What you have to do
Pictures stay out of the answer, but every line of the material must be restated exactly.

Given entries
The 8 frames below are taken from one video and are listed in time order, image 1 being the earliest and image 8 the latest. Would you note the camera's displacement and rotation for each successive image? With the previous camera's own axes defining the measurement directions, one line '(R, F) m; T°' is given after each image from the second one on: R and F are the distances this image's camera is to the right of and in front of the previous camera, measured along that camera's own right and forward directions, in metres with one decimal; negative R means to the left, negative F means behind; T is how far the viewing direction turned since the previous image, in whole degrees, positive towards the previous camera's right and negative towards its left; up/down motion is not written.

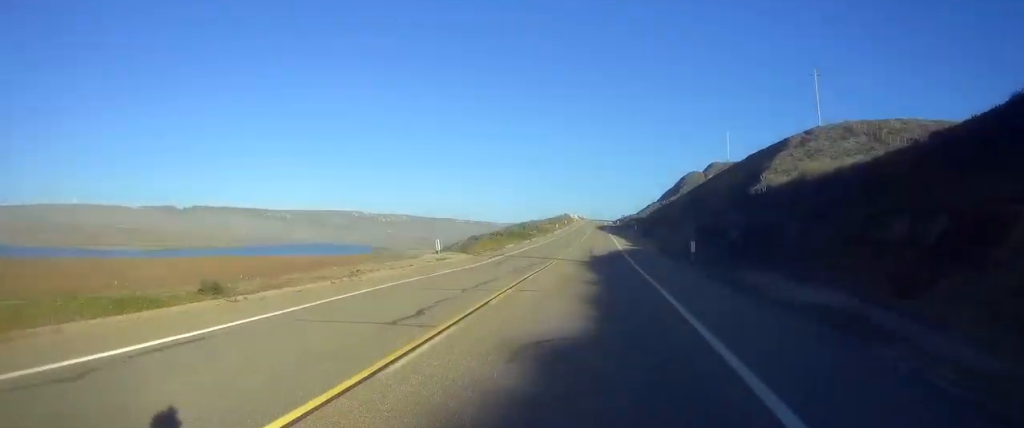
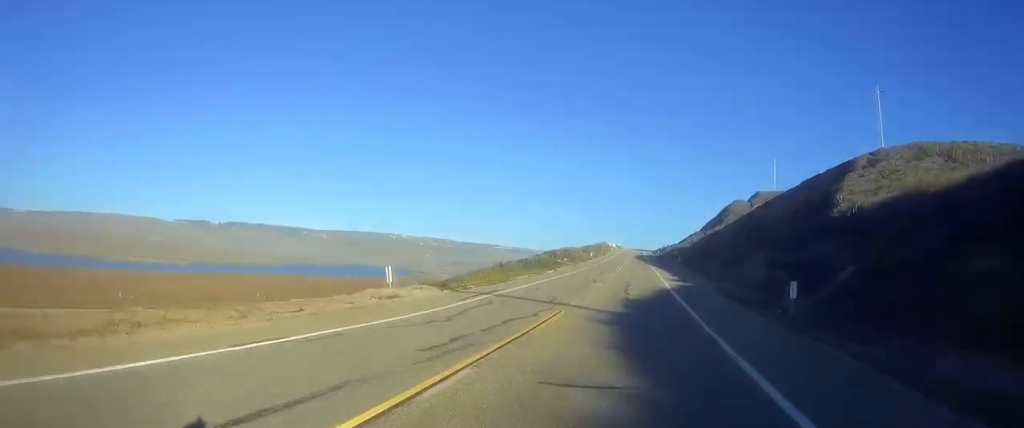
(+0.2, +14.1) m; 0°
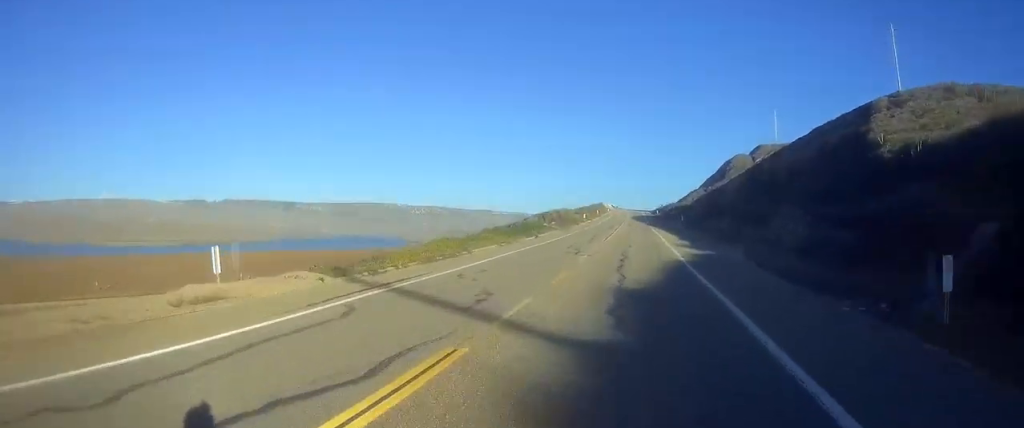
(-0.1, +11.2) m; 0°
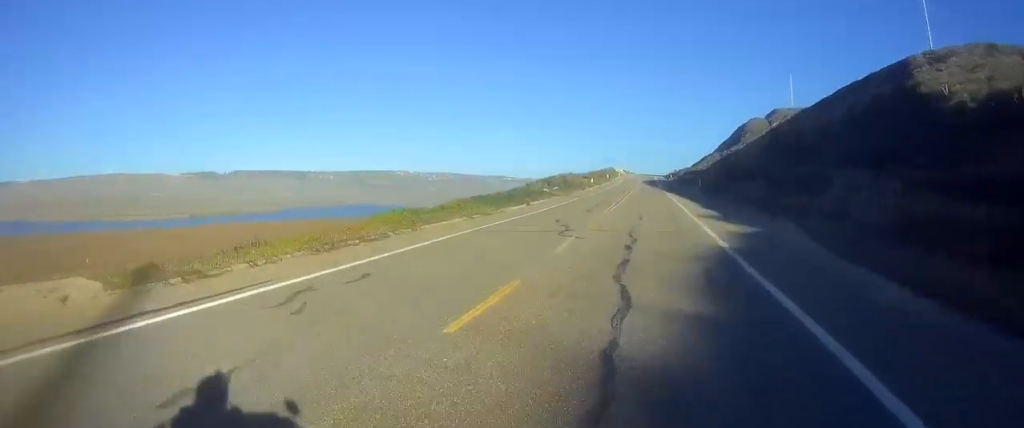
(0.0, +9.7) m; 0°
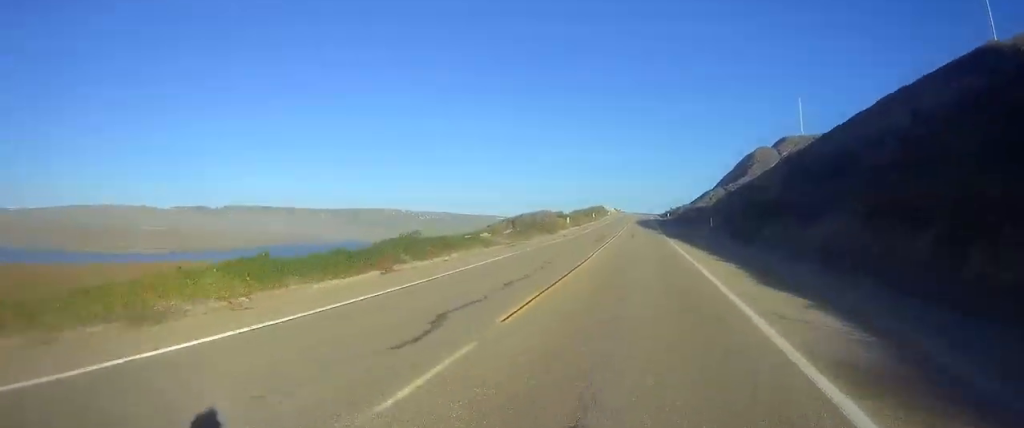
(+0.1, +23.5) m; +1°
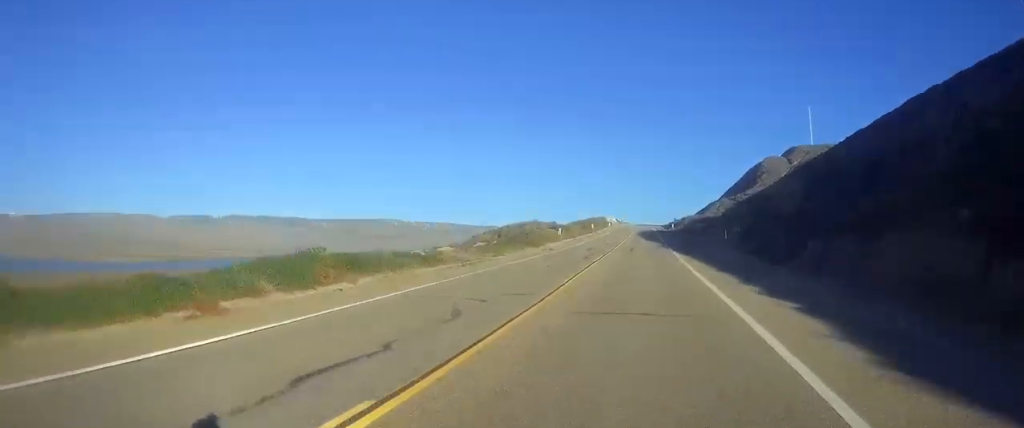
(+0.1, +9.8) m; +1°
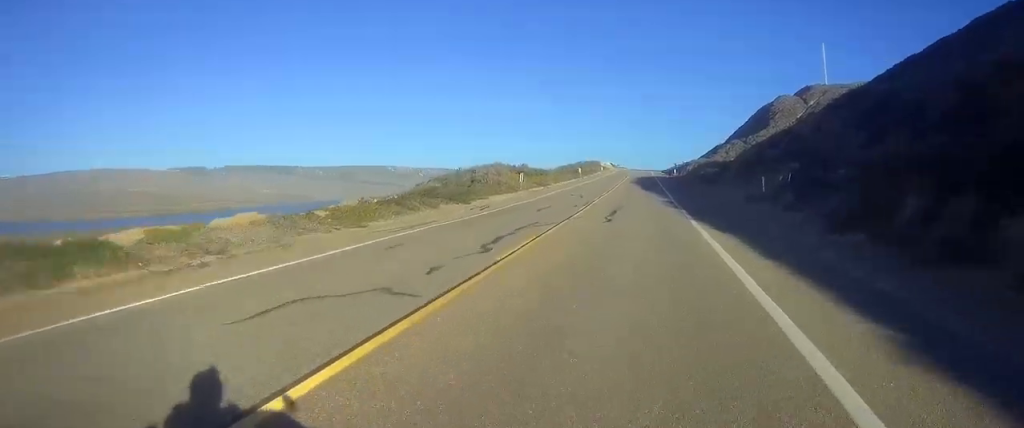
(+0.2, +19.4) m; +1°
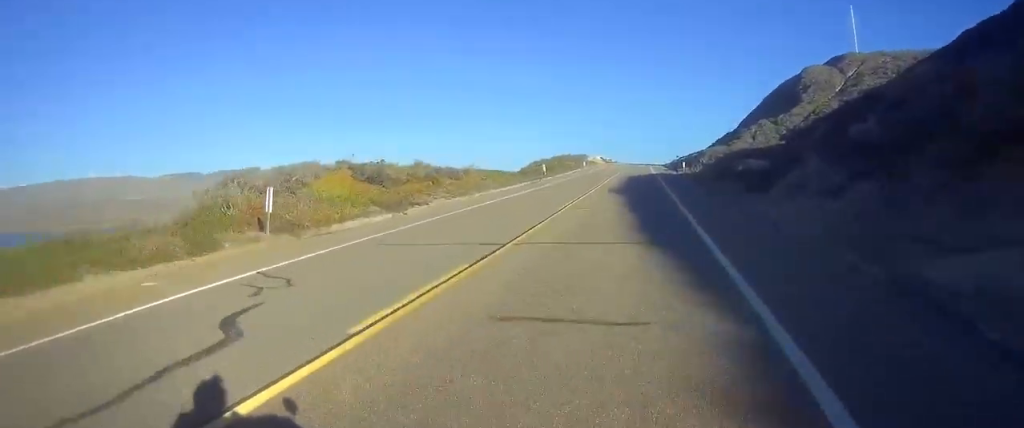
(+0.2, +33.3) m; -1°

Task output
The 8 frames below are taken from one video and are listed in time order, image 1 being the earliest and image 8 the latest. Would you note the camera's displacement and rotation for each successive image? With the previous camera's own axes defining the measurement directions, one line '(R, F) m; T°' is given after each image from the second one on: R and F are the distances this image's camera is to the right of and in front of the previous camera, measured along that camera's own right and forward directions, in metres with one decimal; negative R means to the left, negative F means behind; T is how far the viewing direction turned since the previous image, in whole degrees, positive towards the previous camera's right and negative towards its left; up/down motion is not written.

(+0.2, +14.1) m; 0°
(-0.1, +11.2) m; 0°
(0.0, +9.7) m; 0°
(+0.1, +23.5) m; +1°
(+0.1, +9.8) m; +1°
(+0.2, +19.4) m; +1°
(+0.2, +33.3) m; -1°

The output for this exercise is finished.